By the 1960s, chili and cinnamon rolls were appearing on school cafeteria menus from Lake City, Iowa, to Greeley, Colorado. The school lunch program director of Brookline, Massachusetts, public schools, Marion Louise Cronan, even featured a recipe for chili con carne and cinnamon rolls—something she may have learned about during her many years editing the school lunch section of Practical Home-Economics magazine—in her 1962 cafeteria textbook, The School Lunch. Soon, regions of Nebraska, Washington, Wyoming, the Dakotas, became well-versed in the pairing, creating quite a fanatic following west of the Mississippi River. Why it didn’t catch on in the east may be a combination of culinary heritage and regional food tastes.

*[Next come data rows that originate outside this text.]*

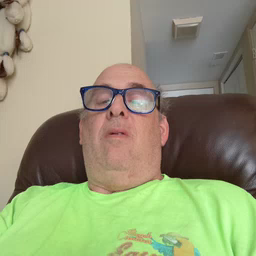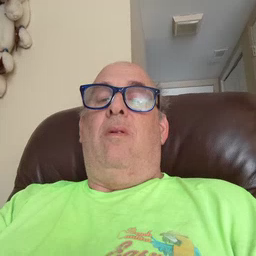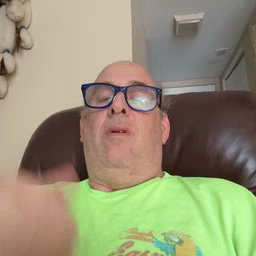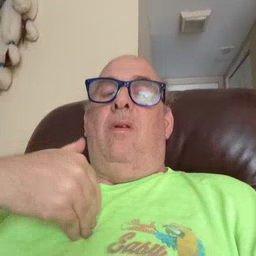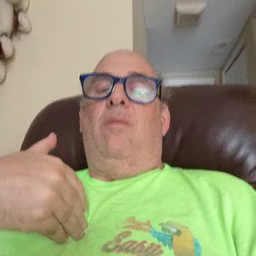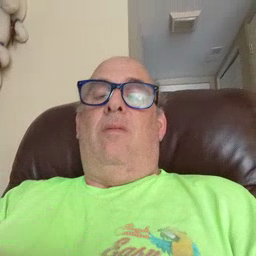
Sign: animal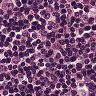
Metastatic tissue present: yes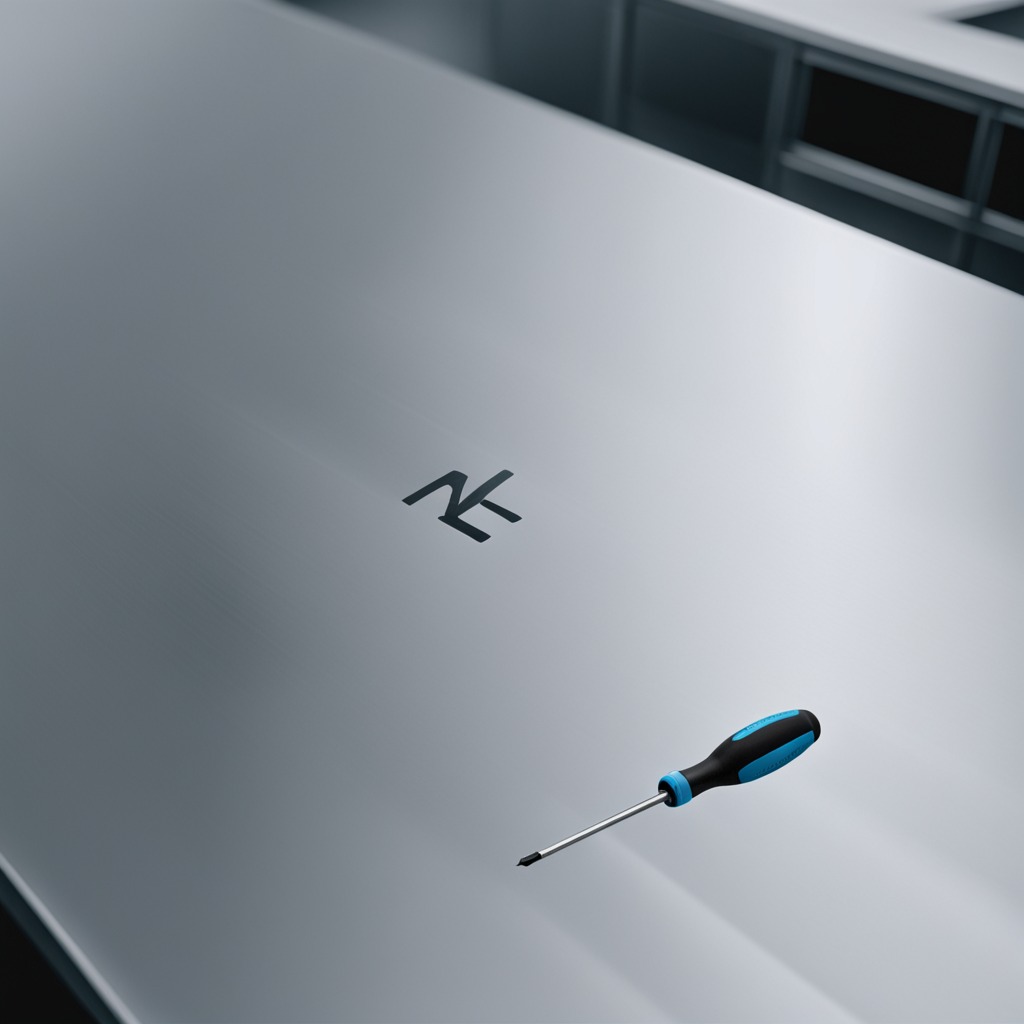
A screwdriver is lying on a stainless steel table.

“Many people who grew up here in the Midwest and in these smaller farming communities come from a baking tradition,” says Maulsby, “and they were used to baking their own breads.” This included the many retired farmwives who often found work in local school cafeterias. Cinnamon rolls were a part of their repertoire, and were considered a grain to boot.
“We didn’t realize how lucky we were,” she adds.

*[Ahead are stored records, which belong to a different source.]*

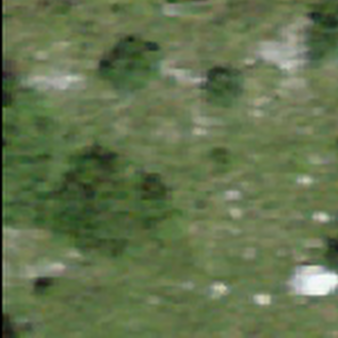
Label: other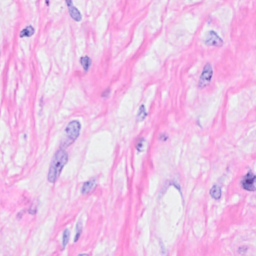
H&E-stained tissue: Breast
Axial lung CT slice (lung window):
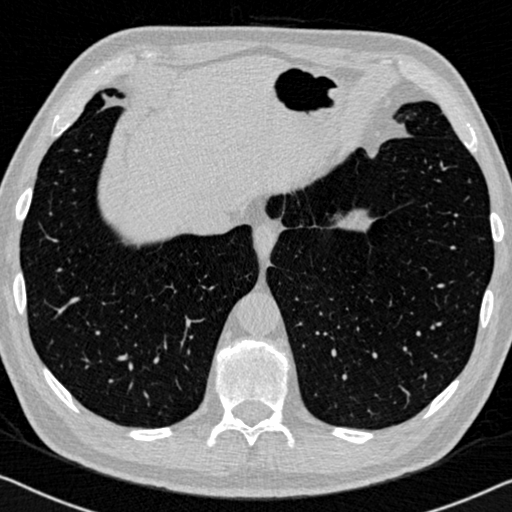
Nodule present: no
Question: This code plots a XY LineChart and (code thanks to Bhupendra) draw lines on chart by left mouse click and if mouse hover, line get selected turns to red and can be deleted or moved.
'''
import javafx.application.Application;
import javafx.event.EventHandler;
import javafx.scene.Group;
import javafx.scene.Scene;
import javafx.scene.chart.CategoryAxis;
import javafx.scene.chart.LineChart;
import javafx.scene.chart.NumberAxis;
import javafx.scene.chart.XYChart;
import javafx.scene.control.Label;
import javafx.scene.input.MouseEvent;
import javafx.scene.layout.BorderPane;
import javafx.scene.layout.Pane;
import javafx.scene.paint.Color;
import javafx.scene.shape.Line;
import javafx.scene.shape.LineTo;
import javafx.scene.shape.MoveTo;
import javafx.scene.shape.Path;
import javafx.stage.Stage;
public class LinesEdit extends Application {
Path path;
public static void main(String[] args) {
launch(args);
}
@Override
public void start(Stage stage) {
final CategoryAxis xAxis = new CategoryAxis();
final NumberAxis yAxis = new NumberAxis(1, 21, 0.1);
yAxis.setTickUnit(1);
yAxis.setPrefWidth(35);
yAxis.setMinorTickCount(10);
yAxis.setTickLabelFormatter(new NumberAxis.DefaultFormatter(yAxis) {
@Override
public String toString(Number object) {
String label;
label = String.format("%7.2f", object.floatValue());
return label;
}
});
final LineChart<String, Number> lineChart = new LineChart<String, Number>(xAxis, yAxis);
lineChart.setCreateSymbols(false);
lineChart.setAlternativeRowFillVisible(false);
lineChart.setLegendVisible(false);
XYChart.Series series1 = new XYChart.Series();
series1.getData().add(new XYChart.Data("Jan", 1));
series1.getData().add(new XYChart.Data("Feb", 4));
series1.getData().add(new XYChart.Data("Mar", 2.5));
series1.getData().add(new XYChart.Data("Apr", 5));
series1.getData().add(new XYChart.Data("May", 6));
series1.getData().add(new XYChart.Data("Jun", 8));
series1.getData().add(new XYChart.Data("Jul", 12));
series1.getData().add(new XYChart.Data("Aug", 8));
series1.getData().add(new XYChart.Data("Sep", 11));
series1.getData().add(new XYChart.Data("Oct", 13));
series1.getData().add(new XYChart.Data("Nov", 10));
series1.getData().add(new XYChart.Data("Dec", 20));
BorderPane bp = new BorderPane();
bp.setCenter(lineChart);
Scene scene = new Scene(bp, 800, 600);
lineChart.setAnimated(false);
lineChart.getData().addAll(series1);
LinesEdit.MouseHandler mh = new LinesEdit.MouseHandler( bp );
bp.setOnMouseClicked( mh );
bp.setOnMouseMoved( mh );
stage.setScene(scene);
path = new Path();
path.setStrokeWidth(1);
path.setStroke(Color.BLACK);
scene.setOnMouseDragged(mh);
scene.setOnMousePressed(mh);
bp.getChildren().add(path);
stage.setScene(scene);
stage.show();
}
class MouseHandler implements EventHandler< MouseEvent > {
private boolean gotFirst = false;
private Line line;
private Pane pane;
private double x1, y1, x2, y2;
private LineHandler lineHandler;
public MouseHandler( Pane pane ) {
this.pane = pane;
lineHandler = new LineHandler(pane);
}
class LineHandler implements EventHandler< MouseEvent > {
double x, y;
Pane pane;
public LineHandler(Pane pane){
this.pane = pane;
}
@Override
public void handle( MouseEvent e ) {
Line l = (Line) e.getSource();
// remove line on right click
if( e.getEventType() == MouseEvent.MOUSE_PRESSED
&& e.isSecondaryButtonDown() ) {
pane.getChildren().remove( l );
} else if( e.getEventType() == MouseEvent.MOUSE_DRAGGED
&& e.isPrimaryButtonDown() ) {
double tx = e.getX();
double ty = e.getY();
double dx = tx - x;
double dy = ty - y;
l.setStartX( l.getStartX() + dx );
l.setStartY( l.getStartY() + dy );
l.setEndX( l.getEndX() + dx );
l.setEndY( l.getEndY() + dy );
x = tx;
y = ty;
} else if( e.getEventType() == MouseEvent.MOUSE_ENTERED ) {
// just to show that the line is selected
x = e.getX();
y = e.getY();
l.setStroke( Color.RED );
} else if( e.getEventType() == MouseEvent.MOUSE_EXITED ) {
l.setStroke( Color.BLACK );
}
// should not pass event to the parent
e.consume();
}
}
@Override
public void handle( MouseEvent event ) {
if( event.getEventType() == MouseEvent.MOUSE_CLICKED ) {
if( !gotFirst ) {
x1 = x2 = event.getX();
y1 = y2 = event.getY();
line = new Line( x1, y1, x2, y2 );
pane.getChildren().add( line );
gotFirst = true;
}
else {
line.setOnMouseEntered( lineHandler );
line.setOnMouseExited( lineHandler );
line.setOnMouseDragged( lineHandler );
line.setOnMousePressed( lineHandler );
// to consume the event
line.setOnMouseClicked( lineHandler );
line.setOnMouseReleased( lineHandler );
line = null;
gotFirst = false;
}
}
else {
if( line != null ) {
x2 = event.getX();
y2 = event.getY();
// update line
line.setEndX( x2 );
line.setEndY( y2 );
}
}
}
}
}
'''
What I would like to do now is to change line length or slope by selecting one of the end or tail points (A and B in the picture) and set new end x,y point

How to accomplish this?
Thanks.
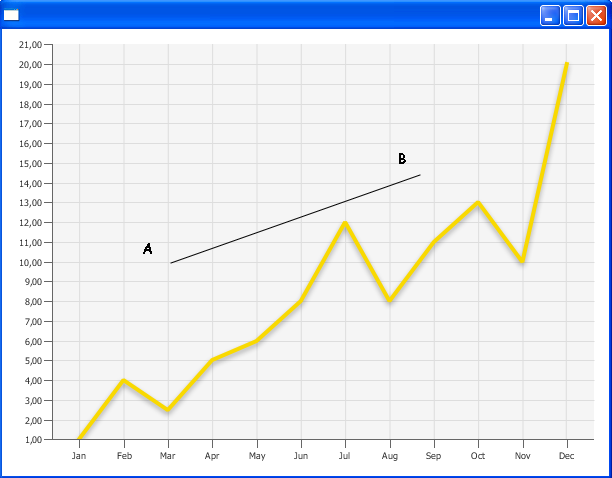
Answer: Use the following class instead of 'Line' ...
'''
public class EditLine extends Parent {
private static final double radius = 5;
private Line line;
private Circle c1, c2;
private class MouseHandler implements EventHandler< MouseEvent > {
private boolean isfirst;
public MouseHandler( boolean first ) {
isfirst = first;
}
public void handle( MouseEvent event ) {
if( event.getEventType() == MouseEvent.MOUSE_ENTERED ) {
if( isfirst )
c1.setOpacity( 1 );
else c2.setOpacity( 1 );
} else if( event.getEventType() == MouseEvent.MOUSE_EXITED ) {
if( isfirst )
c1.setOpacity( 0 );
else c2.setOpacity( 0 );
} else if( event.getEventType() == MouseEvent.MOUSE_DRAGGED ) {
double x = event.getSceneX();
double y = event.getSceneY();
if( isfirst ) {
line.setStartX( x );
line.setStartY( y );
c1.setCenterX( x );
c1.setCenterY( y );
} else {
line.setEndX( x );
line.setEndY( y );
c2.setCenterX( x );
c2.setCenterY( y );
}
}
}
}
public EditLine( double x1, double y1, double x2, double y2 ) {
line = new Line( x1, y1, x2, y2 );
line.setMouseTransparent( true );
c1 = new Circle( x1, y1, radius, Color.RED );
c1.setOpacity( 0 );
MouseHandler mh1 = new MouseHandler( true );
c1.setOnMouseEntered( mh1 );
c1.setOnMouseExited( mh1 );
c1.setOnMouseDragged( mh1 );
c2 = new Circle( x2, y2, radius, Color.RED );
c2.setOpacity( 0 );
MouseHandler mh2 = new MouseHandler( false );
c2.setOnMouseEntered( mh2 );
c2.setOnMouseExited( mh2 );
c2.setOnMouseDragged( mh2 );
getChildren().addAll( c1, c2, line );
}
}
'''

Still, Maulsby believes that the cinnamon-chili combo is not really all that unusual, since Cincinnati-style chili, a meaty sauce made with a distinct blend of spices—including cinnamon—dates back to the 1920s.
While some school cafeterias have phased out the dish for nutritional purposes, replacing foods like cinnamon rolls—high in saturated fat—with healthier, nutrient-rich alternatives, the chili and cinnamon roll combo still graces menus from Cheyenne’s The Omelet House to Tina’s Cafe in Lincoln, Nebraska. There’s also Runza, a popular Midwest fast-food chain that began in Nebraska in the late 1940s, which offers the pairing as a combo meal, complete with a medium-size Pepsi. In Sheridan, where my deep delve into the chili-and-cinnamon-roll phenomenon began, Uptown Shabby Shack Eatery & Catering occasionally offers the dish as a special, serving their frosted cinnamon roll right on top of the chili bowl.
As to how to eat the distinguished combo (Singer herself is a dipper, using parts of the roll to sop up the chili; Maulsby eats them chili first, cinnamon roll second), it all depends on where you grew up. This, after all, is a meal that thrives on nostalgia. Although the Spokane school system has more recently shifted to serving chili with cornbread (“We went more toward whole foods and tried to reduce some of those sweet treat perceptions,” says Wordell), just talking about the pairing has Wordell dreaming of its sweet-savory goodness. “It’s one of those childhood memories that when I came back here as the director 24 years ago I thought, ‘Yeah, there it is!’ Now I feel like it needs to make another appearance on our menus,” he says.